* [Data section]:
<<<<

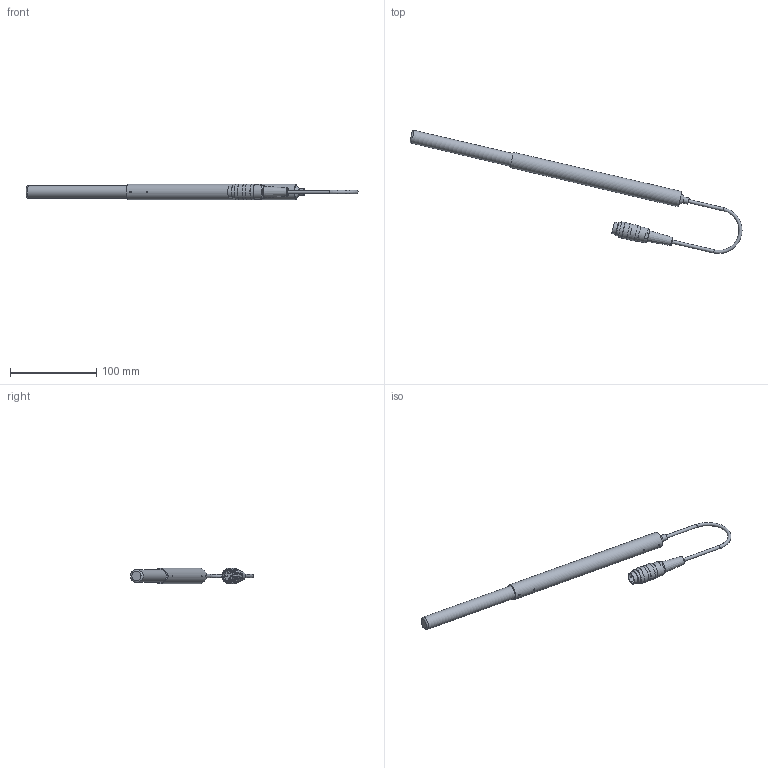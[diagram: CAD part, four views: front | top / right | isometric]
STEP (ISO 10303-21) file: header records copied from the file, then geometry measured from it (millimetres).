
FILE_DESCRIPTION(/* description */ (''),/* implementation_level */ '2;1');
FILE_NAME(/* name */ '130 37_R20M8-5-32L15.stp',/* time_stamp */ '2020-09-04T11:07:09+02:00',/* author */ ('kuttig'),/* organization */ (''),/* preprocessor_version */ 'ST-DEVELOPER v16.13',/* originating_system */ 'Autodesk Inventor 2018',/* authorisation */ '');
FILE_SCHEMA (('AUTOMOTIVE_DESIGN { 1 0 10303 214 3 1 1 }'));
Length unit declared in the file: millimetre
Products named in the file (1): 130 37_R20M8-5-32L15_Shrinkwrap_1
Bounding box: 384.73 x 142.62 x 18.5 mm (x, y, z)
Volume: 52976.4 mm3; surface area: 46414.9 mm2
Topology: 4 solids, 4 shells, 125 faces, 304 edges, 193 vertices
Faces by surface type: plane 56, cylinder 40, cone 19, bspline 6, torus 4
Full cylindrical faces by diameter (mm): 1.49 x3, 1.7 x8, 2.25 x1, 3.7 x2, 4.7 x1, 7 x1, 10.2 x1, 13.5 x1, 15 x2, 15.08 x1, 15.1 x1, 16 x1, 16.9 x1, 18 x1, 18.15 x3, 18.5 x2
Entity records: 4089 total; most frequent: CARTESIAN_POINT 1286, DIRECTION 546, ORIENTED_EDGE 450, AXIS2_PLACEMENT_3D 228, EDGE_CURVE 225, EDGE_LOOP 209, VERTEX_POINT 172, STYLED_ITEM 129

>>>>

* [Activity]: Your answer should contain only the lines from the beginning of the listing above through the line with "FILE_NAME(/* name */", copied exactly and without the pictures.

* [Result of the task]:
[diagram: CAD part, four views: front | top / right | isometric]
STEP (ISO 10303-21) file: header records copied from the file, then geometry measured from it (millimetres).
FILE_DESCRIPTION(/* description */ (''),/* implementation_level */ '2;1');
FILE_NAME(/* name */ '130 37_R20M8-5-32L15.stp',/* time_stamp */ '2020-09-04T11:07:09+02:00',/* author */ ('kuttig'),/* organization */ (''),/* preprocessor_version */ 'ST-DEVELOPER v16.13',/* originating_system */ 'Autodesk Inventor 2018',/* authorisation */ '');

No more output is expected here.